Without a protected liberty interest, strict scrutiny does not apply, Justice Roggensack noted. Thus, the statute is constitutional as applied to Jacob because it is rationally related to the legitimate legislative interest in “keeping an existing family unit intact” and “providing stability for the child,” the majority explained.
Chief Justice Shirley Abrahamson dissented, arguing that a “determination of whether a substantial parental relationship exists is a question of law for the court,” not the jury. The chief justice noted that section 48.415(6)(b) expressly requires “the court” to consider the factors in determining whether a substantial parental relationship exists. Thus, it was error for the circuit court to ask that question of the jury.
“The importance of faithfully adhering to the statutory language becomes clearer when the statute is examined in light of the fundamental constitutional rights affected in a termination of parental rights proceeding,” Chief Justice Abrahamson wrote.
Justice Ann Walsh Bradley (joined by Chief Justice Abrahamson) wrote a separate dissent, concluding that “Jacob has had a substantial relationship with his child.”

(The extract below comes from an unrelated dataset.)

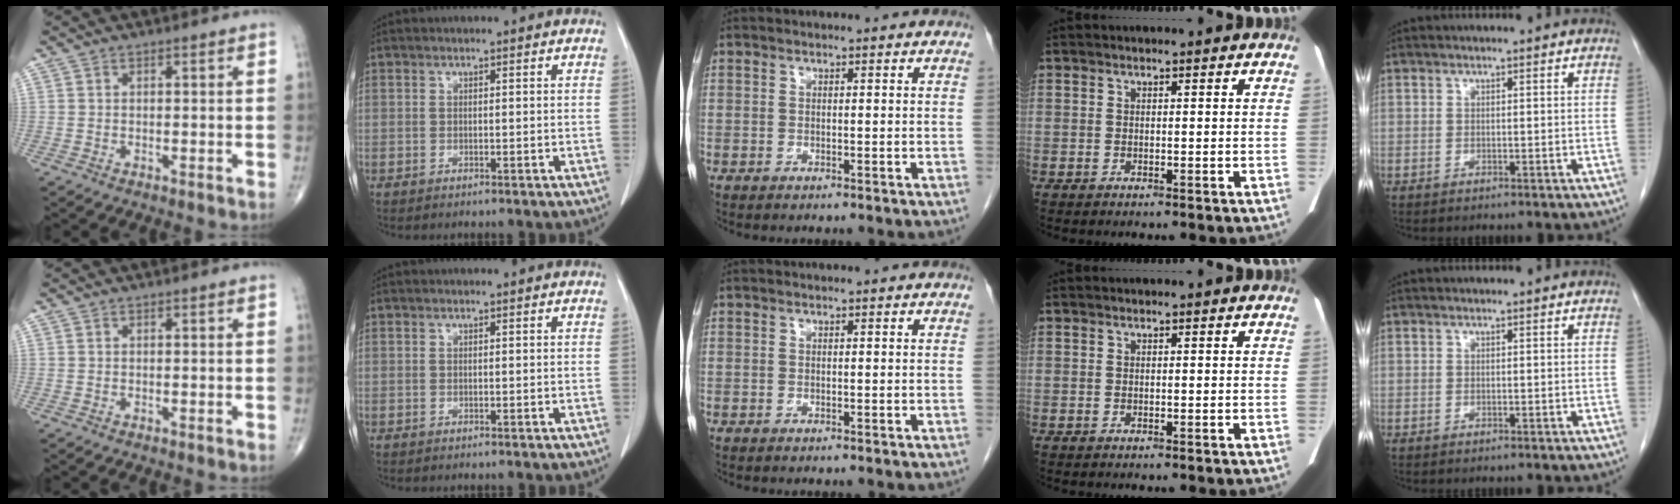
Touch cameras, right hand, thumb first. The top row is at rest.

“Rather than asking whether a parent ‘has had’ a substantial parental relationship – as the statute directs – the majority asks whether there ‘is’ a substantial parental relationship,” Justice Bradley wrote. “As a result, the majority provides unclear guidance to fact-finders and undermines constitutional protections.”
Justice Bradley argued that Jacob assumed parental responsibility by providing support through the pregnancy and daily care and supervision when the child was an infant.

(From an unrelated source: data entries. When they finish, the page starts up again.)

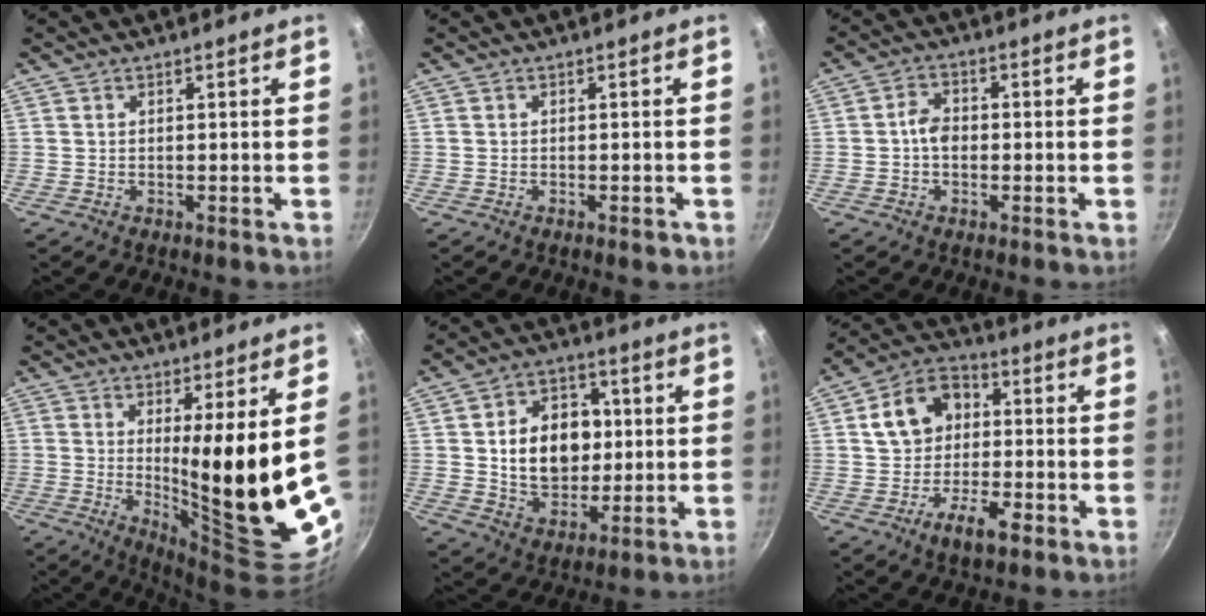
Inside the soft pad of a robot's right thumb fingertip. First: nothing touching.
{"total": 1.2, "force": [-0.7, 0.5, 0.8], "torque": [-0.010, 0.005, -0.010]}
{"total": 3.7, "force": [-0.5, 2.9, 2.4], "torque": [-0.027, 0.015, -0.013]}
{"total": 16.5, "force": [1.4, 2.5, 16.2], "torque": [-0.234, -0.050, 0.038]}
{"total": 14.9, "force": [1.4, 11.3, 9.6], "torque": [-0.109, 0.005, 0.028]}
{"total": 12.5, "force": [-1.9, 8.9, 8.5], "torque": [-0.113, 0.037, -0.048]}

“Once a parent has assumed substantial parental relationship with the child, failure to maintain that parental relationship is not grounds for termination,” Justice Bradley wrote.
Assistant State Public Defender Eileen A. Hirsch represented the father, Jacob. Nathanial Curry of Kopp McKichen LLP, Platteville, represented the mother, Tammy. Ryan K. Dalton of McNamara, Reinicke & Vogelsberg LLP, Lancaster, filed a guardian ad litem brief.